3D-aCortex: An Ultra-Compact Energy-Efficient Neurocomputing Platform Based on Commercial 3D-NAND Flash Memories

Mohammad Bavandpour,Shubham Sahay,Mohammad Reza Mahmoodi,Dmitri B. Strukov
DOI: https://doi.org/10.48550/arXiv.1908.02472
2019-08-07
Abstract:The first contribution of this paper is the development of extremely dense, energy-efficient mixed-signal vector-by-matrix-multiplication (VMM) circuits based on the existing 3D-NAND flash memory blocks, without any need for their modification. Such compatibility is achieved using time-domain-encoded VMM design. Our detailed simulations have shown that, for example, the 5-bit VMM of 200-element vectors, using the commercially available 64-layer gate-all-around macaroni-type 3D-NAND memory blocks designed in the 55-nm technology node, may provide an unprecedented area efficiency of 0.14 um2/byte and energy efficiency of ~10 fJ/Op, including the input/output and other peripheral circuitry overheads. Our second major contribution is the development of 3D-aCortex, a multi-purpose neuromorphic inference processor that utilizes the proposed 3D-VMM blocks as its core processing units. We have performed rigorous performance simulations of such a processor on both circuit and system levels, taking into account non-idealities such as drain-induced barrier lowering, capacitive coupling, charge injection, parasitics, process variations, and noise. Our modeling of the 3D-aCortex performing several state-of-the-art neuromorphic-network benchmarks has shown that it may provide the record-breaking storage efficiency of 4.34 MB/mm2, the peak energy efficiency of 70.43 TOps/J, and the computational throughput up to 10.66 TOps/s. The storage efficiency can be further improved seven-fold by aggressively sharing VMM peripheral circuits at the cost of slight decrease in energy efficiency and throughput.
Emerging Technologies,Hardware Architecture,Neural and Evolutionary Computing
What problem does this paper attempt to address?
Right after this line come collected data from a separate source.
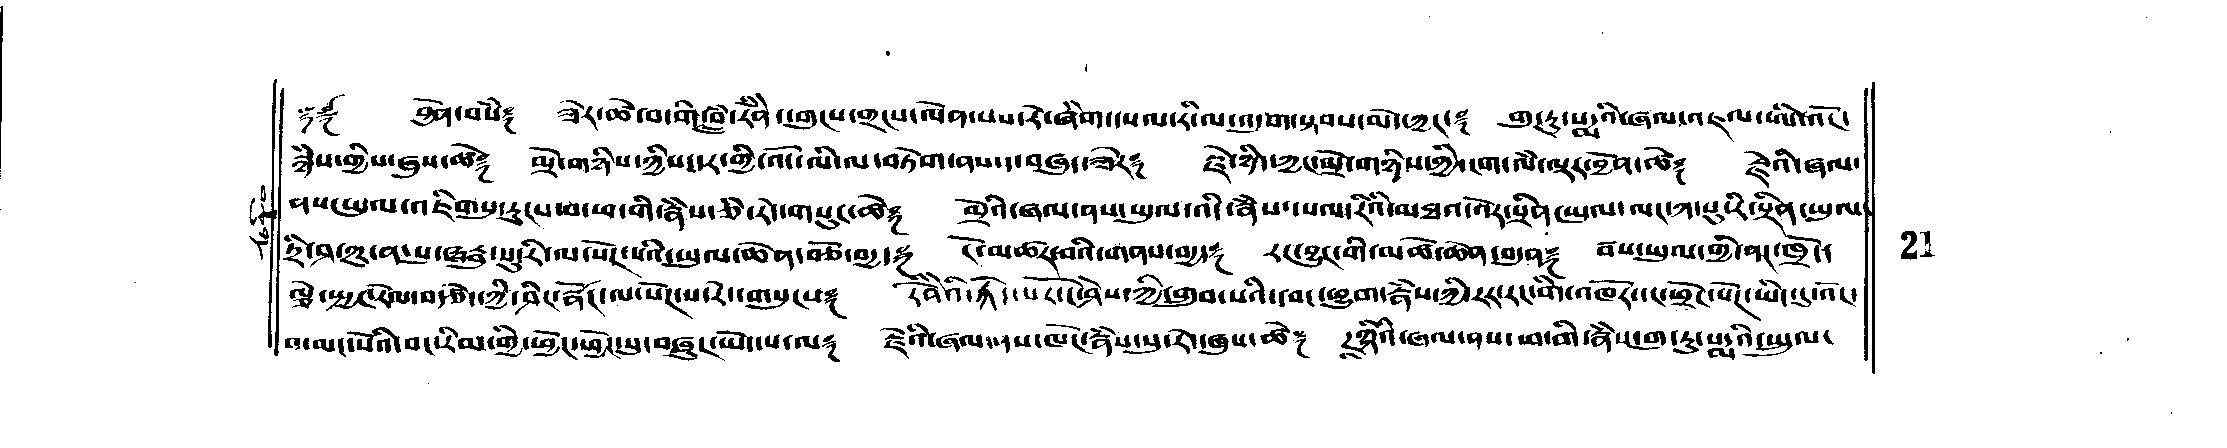བྱོན་བསམ། །ཟེར་ཚེ་བདག་གི་བླ་མ་རིན་པོ་ཆེ་དགུང་གྲངས་ལོན་པས་རེ་ཞིག་དཔལ་རི་ལ་འདུག་སྟབས་མེད་ཀྱང་། གུ་རུ་པདྨའི་ཞལ་མཇལ་ཨི་འོང་
སྙམ་གྱིས་ཞུས་ཚེ། མཁའ་འགྲོ་གཉིས་ཀྱིས་དར་གྱི་འདོ་ལི་ལ་བཏེགས་ནས་ད་བཞུད་ཟེར། རྗེ་ཉིད་ཀྱང་མཁའ་འགྲོ་གཉིས་ཀྱི་ངག་ལམ་ལྟར་བྱོན་ཚེ། རྗེའི་ཞལ་
ནས་ཡུལ་འཇིགས་སུ་རུང་བ་ཕ་གི་རྣམས་ཅི་རེད་གསུང་ཚེ། མཁའ་འགྲོའི་ཞལ་ནས་ཡུལ་འདི་རྣམས་དཔལ་རིའི་མཐའ་འཁོར་སྲིན་ཡུལ་ལང་ཀ་པུ་རི་སྲིན་ཡུལ་
ཏྲི་ཤ་ཀུ་ན་སུ་ཝརྦུ་པུ་རི་ལ་སོགས་པའི་ཡུལ་ཆེན་བཅོ་བརྒྱད། ངོ་མཚར་བའི་གནས་བརྒྱད། རང་བྱུང་གི་མཚོ་ཆེན་བདུན། སྦས་ཡུལ་གྱི་ནགས་ཁྲོད
ལྕེ་སྤྱང་རོལ་རྩེད་ཀྱི་ཤིང་སྣ་ཚོགས་ལ་སོགས་པར་རེད་གསུངས། རིན་བོ་ཆེའི་རྐེད་པར་ངོ་ཤེས་ཀྱི་གྲུབ་པའི་དབང་ཕྱུག་རྣམས་ཀྱི་རང་རང་གི་འཁོར་དང་ཕོ་བྲང་སོགས་ཡིད་དུ་འོང་
བ་མང་པོའི་བང་རིམ་གྱི་ཕྱོགས་ཕྱོགས་སུ་བཞུགས་ཡོད་པ་ལ། རྗེའི་ཞལ་ནས་ཁོང་རྣམས་སུ་རེད་ཞུས་ཚེ། ཌཱཀྐིའི་ཞལ་ནས་ཕ་གི་རྣམས་གུ་རུ་པདྨའི་སྤྲུལ་

The problem that this paper attempts to solve is to achieve efficient and high - density vector - by - matrix multiplication (VMM) in neuromorphic computing. Specifically, the authors have developed a mixed - signal VMM circuit based on commercial 3D - NAND flash memory blocks without any modification to these memory blocks. This design aims to improve the area efficiency and energy efficiency of computing while reducing the overhead of peripheral circuits. The main contributions of the paper include: 1. **Developed a high - density, low - power mixed - signal VMM circuit based on 3D - NAND flash memory**: Through the design method of time - domain encoding, compatibility with existing 3D - NAND flash memory technology has been achieved. For example, using 64 - layer 3D - NAND flash memory blocks, an area efficiency of 0.14 μm²/byte and an energy efficiency of about 10 fJ/Op can be achieved at the 55 - nm technology node. 2. **Developed the 3D - aCortex multi - purpose neuromorphic inference processor**: This processor uses the above - mentioned 3D - VMM blocks as the core processing unit and has carried out detailed performance simulations at the circuit and system levels, taking into account non - ideal factors such as drain - induced barrier lowering, capacitive coupling, charge injection, parasitic effects, process variations and noise. The simulation results show that 3D - aCortex can provide a storage efficiency of 4.34 MB/mm², a peak energy efficiency of 70.43 TOps/J and a computational throughput of up to 10.66 TOps/s. Through these contributions, the paper has solved the problems existing in current digital VMM implementations, such as low storage density, low energy efficiency and large data transfer overhead, providing a new and efficient solution for neuromorphic computing.